Large-scale projects continue to be driven by infrastructure risk, compliance pressure, and cost reduction rather than customer experience or product agility. That pragmatism keeps the market active, but also conservative.

“Transformation in the U.S. is often reactive, not revolutionary.”

 

Why the U.S. Dominates the Numbers

Several structural factors explain America’s lead in CB RADAR™ data:

  • Vendor proximity: U.S.-based providers maintain strong banking relationships and delivery networks.
  • Regulatory clarity: Defined frameworks make it easier to scope and fund large projects.
  • Capital availability: Even mid-size banks can secure the budgets to modernize.

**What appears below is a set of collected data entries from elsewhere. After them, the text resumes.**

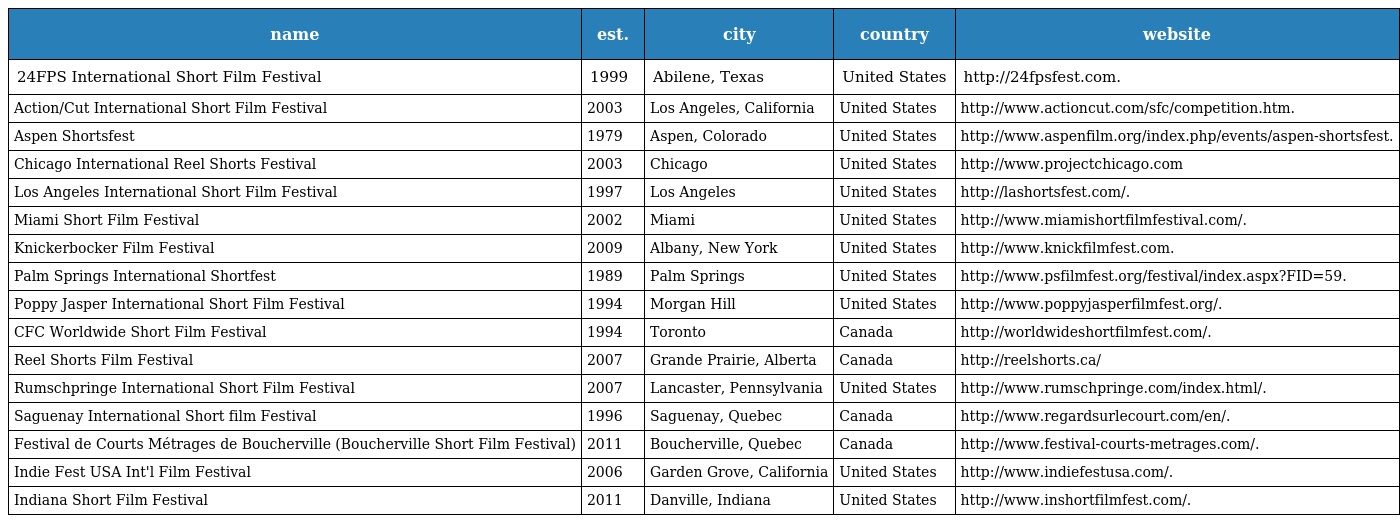
| name | est. | city | country | website |
 | --- | --- | --- | --- | --- |
 | 24FPS International Short Film Festival | 1999 | Abilene, Texas | United States | http://24fpsfest.com. |
 | Action/Cut International Short Film Festival | 2003 | Los Angeles, California | United States | http://www.actioncut.com/sfc/competition.htm. |
 | Aspen Shortsfest | 1979 | Aspen, Colorado | United States | http://www.aspenfilm.org/index.php/events/aspen-shortsfest. |
 | Chicago International Reel Shorts Festival | 2003 | Chicago | United States | http://www.projectchicago.com |
 | Los Angeles International Short Film Festival | 1997 | Los Angeles | United States | http://lashortsfest.com/. |
 | Miami Short Film Festival | 2002 | Miami | United States | http://www.miamishortfilmfestival.com/. |
 | Knickerbocker Film Festival | 2009 | Albany, New York | United States | http://www.knickfilmfest.com. |
 | Palm Springs International Shortfest | 1989 | Palm Springs | United States | http://www.psfilmfest.org/festival/index.aspx?FID=59. |
 | Poppy Jasper International Short Film Festival | 1994 | Morgan Hill | United States | http://www.poppyjasperfilmfest.org/. |
 | CFC Worldwide Short Film Festival | 1994 | Toronto | Canada | http://worldwideshortfilmfest.com/. |
 | Reel Shorts Film Festival | 2007 | Grande Prairie, Alberta | Canada | http://reelshorts.ca/ |
 | Rumschpringe International Short Film Festival | 2007 | Lancaster, Pennsylvania | United States | http://www.rumschpringe.com/index.html/. |
 | Saguenay International Short film Festival | 1996 | Saguenay, Quebec | Canada | http://www.regardsurlecourt.com/en/. |
 | Festival de Courts Métrages de Boucherville (Boucherville Short Film Festival) | 2011 | Boucherville, Quebec | Canada | http://www.festival-courts-metrages.com/. |
 | Indie Fest USA Int'l Film Festival | 2006 | Garden Grove, California | United States | http://www.indiefestusa.com/. |
 | Indiana Short Film Festival | 2011 | Danville, Indiana | United States | http://www.inshortfilmfest.com/. |
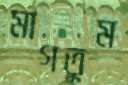
মাগতুম
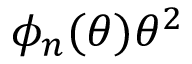
\phi _ { n } ( \theta ) \theta ^ { 2 }
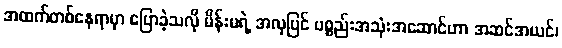
အထက်တစ်နေရာမှာ ပြောခဲ့သလို မိန်းမရဲ့ အလှပြင် ပစ္စည်းအသုံးအဆောင်ဟာ အဆင်အယင်၊
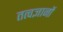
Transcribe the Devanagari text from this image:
तत्वज्ञानों
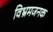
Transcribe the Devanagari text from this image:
विभ्रमजनक
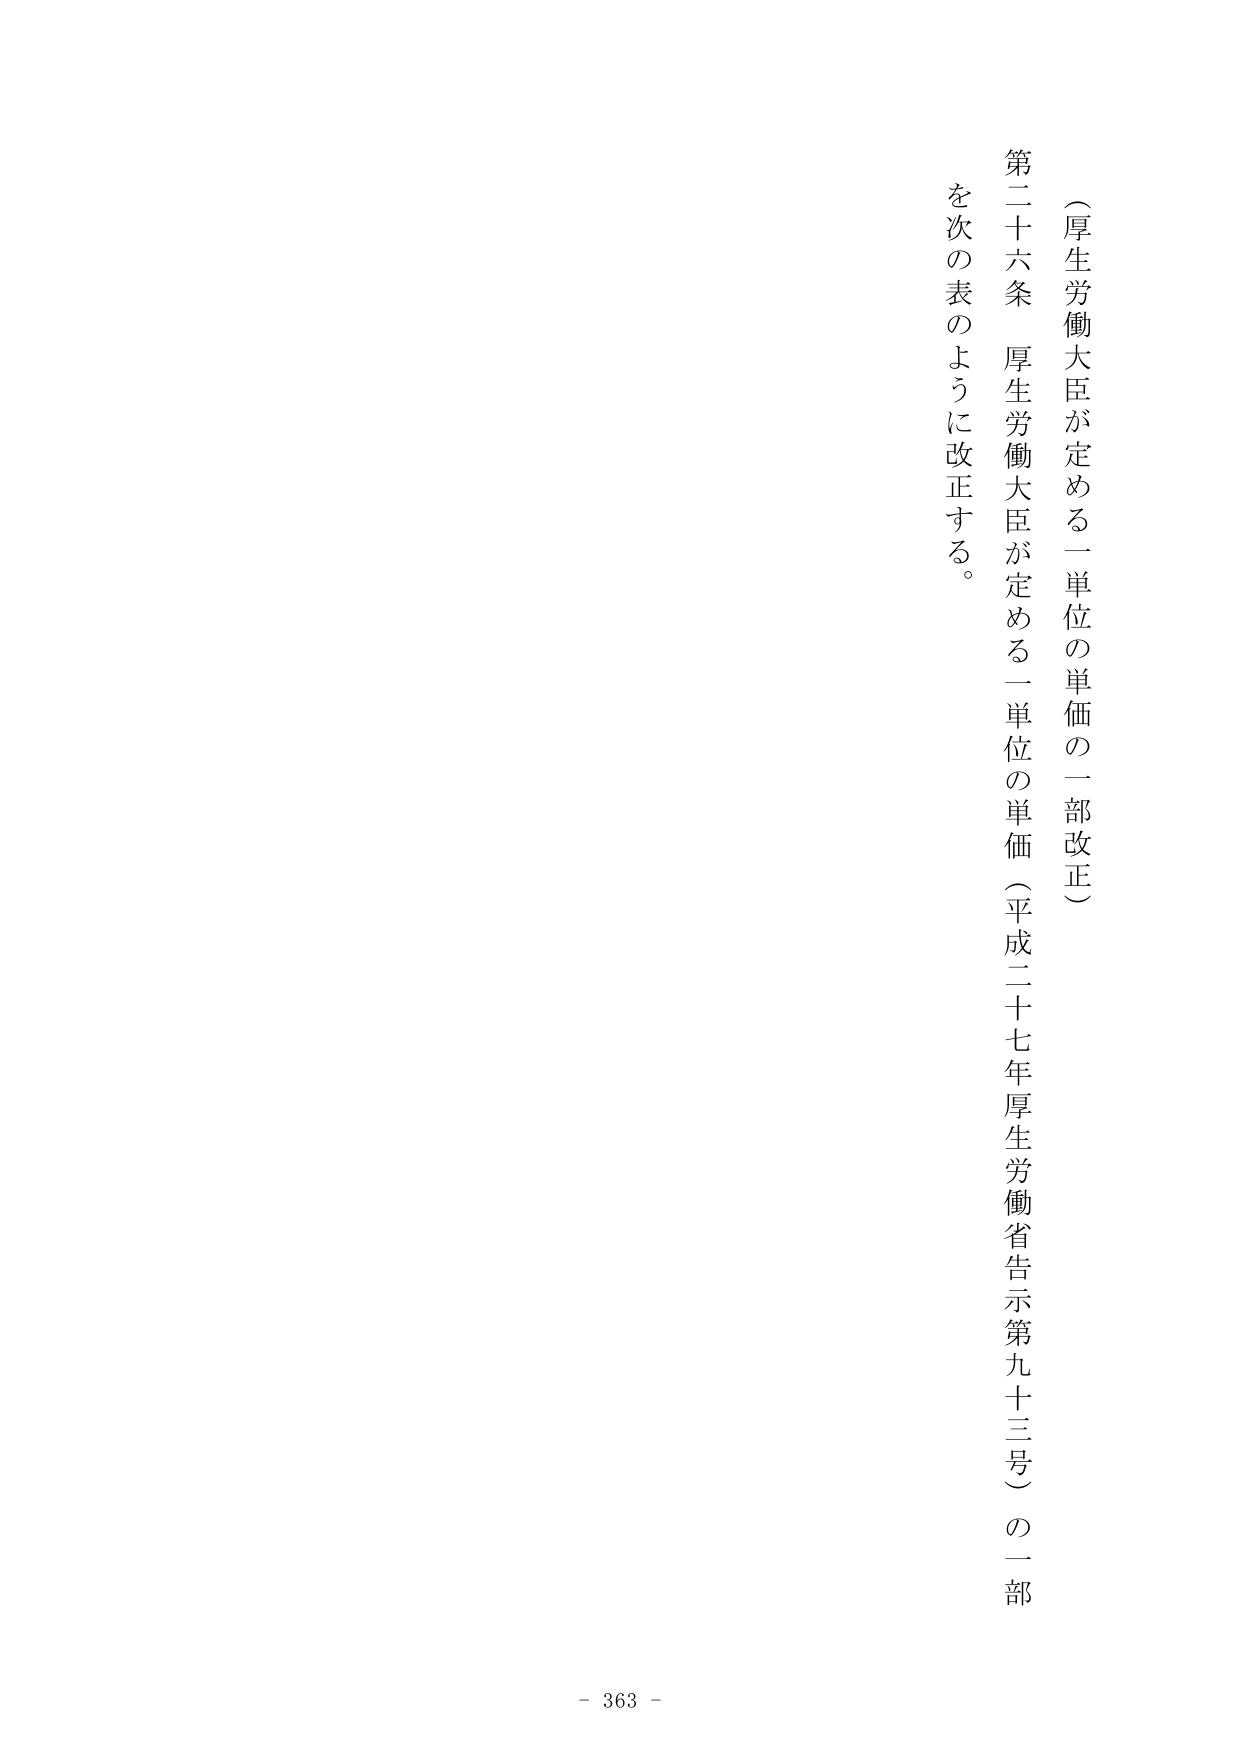
（厚生労働大臣が定める一単位の単価の一部改正）

第二十六条 厚生労働大臣が定める一単位の単価（平成二十七年厚生労働省告示第九十三号）の一部を次の表のように改正する。

- 363 -
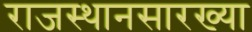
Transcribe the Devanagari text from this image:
राजस्थानसारख्या
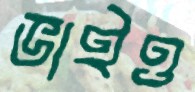
ভাইও
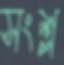
সংশ্ল
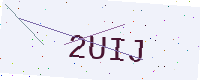
Text: 2UIJ
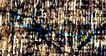
وبطريقة
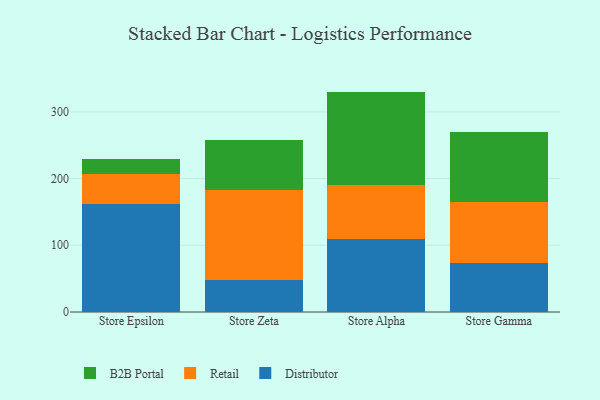
{"axis": {"x": "Store", "y": "Tickets Resolved"}, "legend": ["B2B Portal", "Distributor", "Retail"], "data": [{"x": "Store Epsilon", "y": 161.6, "type": "Distributor"}, {"x": "Store Epsilon", "y": 44.9, "type": "Retail"}, {"x": "Store Epsilon", "y": 22.7, "type": "B2B Portal"}, {"x": "Store Zeta", "y": 47.8, "type": "Distributor"}, {"x": "Store Zeta", "y": 134.3, "type": "Retail"}, {"x": "Store Zeta", "y": 76.4, "type": "B2B Portal"}, {"x": "Store Alpha", "y": 109.9, "type": "Distributor"}, {"x": "Store Alpha", "y": 80.4, "type": "Retail"}, {"x": "Store Alpha", "y": 140.0, "type": "B2B Portal"}, {"x": "Store Gamma", "y": 72.7, "type": "Distributor"}, {"x": "Store Gamma", "y": 92.2, "type": "Retail"}, {"x": "Store Gamma", "y": 105.0, "type": "B2B Portal"}]}
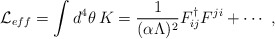
\begin{align*}{\cal L}_{eff} = \int d^4 \theta \, K = {1 \over {(\alpha \Lambda)^2}}F^{\dag}_{ij} F^{ji} + \cdots \ ,\end{align*}
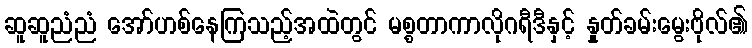
ဆူဆူညံညံ အော်ဟစ်နေကြသည့်အထဲတွင် မစ္စတာကာလိုဂရီဒီနှင့် နှုတ်ခမ်းမွေးဗိုလ်၏
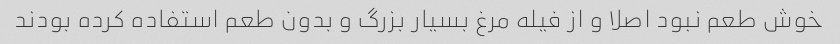
خوش طعم نبود اصلا و از فیله مرغ بسیار بزرگ و بدون طعم استفاده کرده بودند
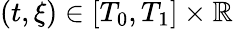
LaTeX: (t,\xi)\in[T_{0},T_{1}]\times\mathbb{R}
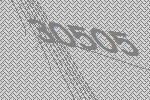
30505
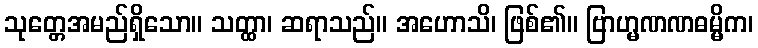
သုတ္တေအမည်ရှိသော။ သတ္ထာ၊ ဆရာသည်။ အဟောသိ၊ ဖြစ်၏။ ဗြာဟ္မဏဏဓမ္မိက၊
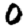
Digit: 0
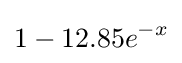
1-12.85e^{-x}

In short, the U.S. dominates because it has the most opportunities to modernize. But that doesn’t necessarily mean it’s ahead of the curve.

The Global Catch-Up

Outside the U.S., smaller and newer banks are leapfrogging legacy altogether.

In markets like Vietnam, Nigeria, and Kuwait, institutions are adopting cloud- native cores as their first core system — skipping decades of accumulated technical debt.

These banks are nimble by necessity, and their smaller size allows faster cycles of experimentation and adoption.

“Emerging markets aren’t catching up — they’re leapfrogging.”

 

What the U.S. Can Learn

U.S. banks have the advantage of scale but often lack the agility to capitalize on it. The most progressive institutions in our dataset share three habits:

1. Modular thinking: Breaking down transformation into discrete, measurable components.

2. Cloud fluency: Moving from hybrid stopgaps to operating-model redesign.

3. Partner ecosystems: Building delivery alliances rather than vendor dependencies.

 

The result is a new hybrid: American scale, delivered with startup speed.

 

The Outlook

The U.S. will continue to lead in transformation volume — but not necessarily in innovation.

If emerging markets maintain their current pace, the next CB RADAR™ report may show a shift in where meaningful modernization is happening fastest.

“Leadership in transformation isn’t about geography — it’s about mindset.”

 

 

What CB RADAR™ Reveals

CB RADAR™ 2025 highlights both the strength and the vulnerability of the U.S. banking sector.

Scale has fueled progress, but legacy inertia remains its shadow.

The question for the next few years isn’t whether the U.S. will modernize — it’s whether it will redefine what modernization means.